* _Work required_:
When you return the material, keep every line exactly as it is and omit the pictures.

* _Source information_:
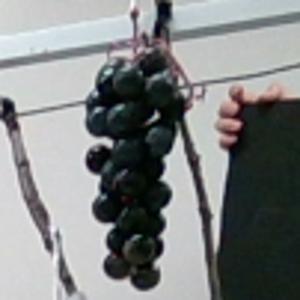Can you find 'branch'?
Segmentation results:
<instances>
[{
	"mask_svg": "<svg viewBox=\"0 0 300 300\" xmlns=\"http://www.w3.org/2000/svg\"><path fill=\"white\" fill-rule=\"evenodd\" d=\"M153 2L156 15L151 32V46H163L167 49L172 65V45L170 40L173 20L172 0H153Z\"/></svg>",
	"mask_w": 300,
	"mask_h": 300,
	"instance_id": "3",
	"label": "branch"
},
{
	"mask_svg": "<svg viewBox=\"0 0 300 300\" xmlns=\"http://www.w3.org/2000/svg\"><path fill=\"white\" fill-rule=\"evenodd\" d=\"M0 108V121L6 128L7 139L13 154L15 173L29 219H32L40 234L44 250L50 257H53L58 276L68 299L86 300L85 292L80 291L76 280L67 267L60 242L51 226V215L46 208V204L40 198L33 177V170H31L30 159H28L22 138L16 101L0 93Z\"/></svg>",
	"mask_w": 300,
	"mask_h": 300,
	"instance_id": "1",
	"label": "branch"
},
{
	"mask_svg": "<svg viewBox=\"0 0 300 300\" xmlns=\"http://www.w3.org/2000/svg\"><path fill=\"white\" fill-rule=\"evenodd\" d=\"M180 132L183 152L189 174L192 178L195 196L198 202L197 211L201 217L200 237L204 245V263L206 266V284L209 289V300H220V275L216 258V247L213 238L212 221L215 215L212 213L208 194L205 190V181L201 168L202 155L198 154L196 144L189 130L186 110L181 119L174 122Z\"/></svg>",
	"mask_w": 300,
	"mask_h": 300,
	"instance_id": "2",
	"label": "branch"
}]
</instances>

* _Finished task_:
Can you find 'branch'?
Segmentation results:
<instances>
[{
	"mask_svg": "<svg viewBox=\"0 0 300 300\" xmlns=\"http://www.w3.org/2000/svg\"><path fill=\"white\" fill-rule=\"evenodd\" d=\"M153 2L156 15L151 32V46H163L167 49L172 65V45L170 40L173 20L172 0H153Z\"/></svg>",
	"mask_w": 300,
	"mask_h": 300,
	"instance_id": "3",
	"label": "branch"
},
{
	"mask_svg": "<svg viewBox=\"0 0 300 300\" xmlns=\"http://www.w3.org/2000/svg\"><path fill=\"white\" fill-rule=\"evenodd\" d=\"M0 108V121L6 128L7 139L13 154L15 173L29 219H32L40 234L44 250L50 257H53L58 276L68 299L86 300L85 292L80 291L76 280L67 267L60 242L51 226V215L46 208V204L40 198L33 177V170H31L30 159H28L22 138L16 101L0 93Z\"/></svg>",
	"mask_w": 300,
	"mask_h": 300,
	"instance_id": "1",
	"label": "branch"
},
{
	"mask_svg": "<svg viewBox=\"0 0 300 300\" xmlns=\"http://www.w3.org/2000/svg\"><path fill=\"white\" fill-rule=\"evenodd\" d=\"M180 132L183 152L189 174L192 178L195 196L198 202L197 211L201 217L200 237L204 245V263L206 266V284L209 289V300H220V275L216 258V247L213 238L212 221L215 215L212 213L208 194L205 190V181L201 168L202 155L198 154L196 144L189 130L186 110L181 119L174 122Z\"/></svg>",
	"mask_w": 300,
	"mask_h": 300,
	"instance_id": "2",
	"label": "branch"
}]
</instances>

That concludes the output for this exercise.